Step 1 – Open a remote dataset

  • Open Jupyter Lab and choose the appropiate environment of the lesson (see Setup)

  • Launch Jupyter Lab, open a terminal and type:

BASH


jupyter lab
  • Open a new notebook
  • Check installed libraries

PYTHON

import xarray as xr
  • Open a dataset

PYTHON


url = "https://opendap.4tu.nl/thredds/dodsC/IDRA/2019/01/02/IDRA_2019-01-02_12-00_raw_data.nc"

ds = xr.open_dataset(url,engine="pydap")

ds

Observe:

  • The dataset structure loads immediately.

  • Dimensions and metadata are visible.

  • The file has not been fully downloaded.

What happened?

Only metadata and coordinate information were accessed.

Step 2 – Select a variable

PYTHON

ds["spectrum_width"] # still no full download, just metadata

Step 3 – Perform server-side subsetting

  • Actual data transfer occurs

  • Now lets select a variable → “spectrum_width”, using positional indexing and we will take a 10×10 subset along two dimensions.

PYTHON


ds["spectrum_width"].isel(time_processed_data=slice(0,10),range=slice(0,10))
  • Now lets print the values of this subsetting

PYTHON


ds["spectrum_width"].isel(time_processed_data=slice(0,10),range=slice(0,10)).values # to print values in the scren
  • Slicing by the names of the dimensions

PYTHON


ds["spectrum_width"].sel(
    time_processed_data=slice("2019-01-02T12:00:00.000000000", "2019-01-02T12:00:02.097152173"),
    range=slice(0, 1000)
)
  • Using head

PYTHON


ds["spectrum_width"].head()
ds["spectrum_width"].head(time_processed_data=10)
ds["spectrum_width"].head(range=2)
ds["spectrum_width"].head(range=2).to_pandas() # tabular view

PYTHON


ds["spectrum_width"].isel(time_processed_data=0).values #one radar profile (1D slice)

ds["spectrum_width"].isel(range=1).values # One time series  

Now actual data transfer occurs — but only for:

  • One variable

  • A limited time window

This is server-side subsetting enabled by DAP.

Step 4 Plotting a profile

PYTHON


import matplotlib.pyplot as plt 

ds["spectrum_width"].isel(time_processed_data=0).plot()
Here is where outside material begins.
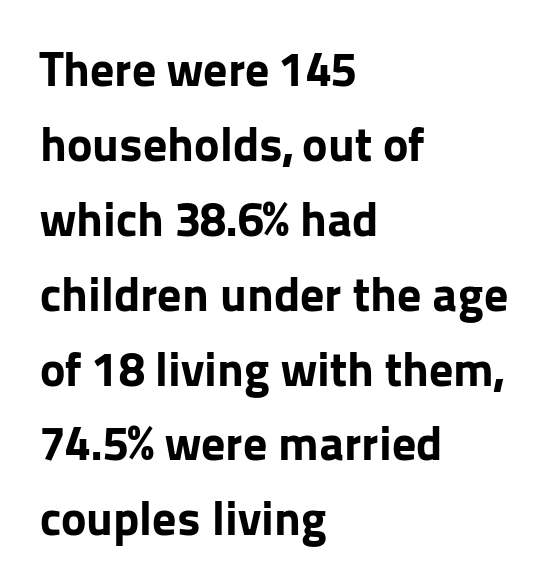
{"serif": "no", "italic": "no", "bold": "yes", "weight": "bold", "width": "normal", "stroke_contrast": "low", "x_height": "medium", "monospaced": "no", "underline": "no", "align": "left", "line_spacing": "normal", "line_spacing_ratio": 1.56, "letter_spacing": "normal", "letter_spacing_em": 0.0, "glyph_px": 48}

ds["spectrum_width"].head(range=10).plot()

You have multiple equivalent ways to express the same operation:

.isel() → positional slicing (what you used) .sel() → coordinate-aware slicing .head() → quick inspection .values → raw data extraction .plot() → visual interpretation

Relevance for resarch workflows


Streaming protocols enable:

  • Scalable climate analysis (ERA5, CMIP6)

  • AI/ML training pipelines

  • Reproducible notebooks

  • Cloud-based workflows

  • Data repository integration

Technical interoperability ensures that:

Data repositories are not only storage systems, they become computational infrastructure.

Challenge

Technical interoperability — True or False?

Indicate whether each statement is True or False and justify your answer.

  • Opening a remote dataset with xarray.open_dataset() automatically downloads the entire file.

  • DAP enables server-side filtering before data transfer.

  • Streaming protocols replace the need for structural interoperability.

  • OPeNDAP works independently of file formats.

  • Technical interoperability enables automated workflows across infrastructures.

False. Only metadata is accessed initially; data is transferred upon explicit selection.

True. Subsetting occurs on the server before transmission.

False. Technical interoperability depends on structural interoperability.

False. DAP operates on structured data models (e.g., NetCDF).

True. It enables scalable machine-to-machine access.

Key Points
  • Technical interoperability enables machine-to-machine data exchange through standardized protocols.

  • OPeNDAP implements the DAP protocol for remote access to structured scientific datasets.

  • Remote datasets can be explored without full download.

  • Server-side subsetting reduces bandwidth and supports scalable workflows.

  • Streaming protocols transform data repositories into interoperable computational infrastructure.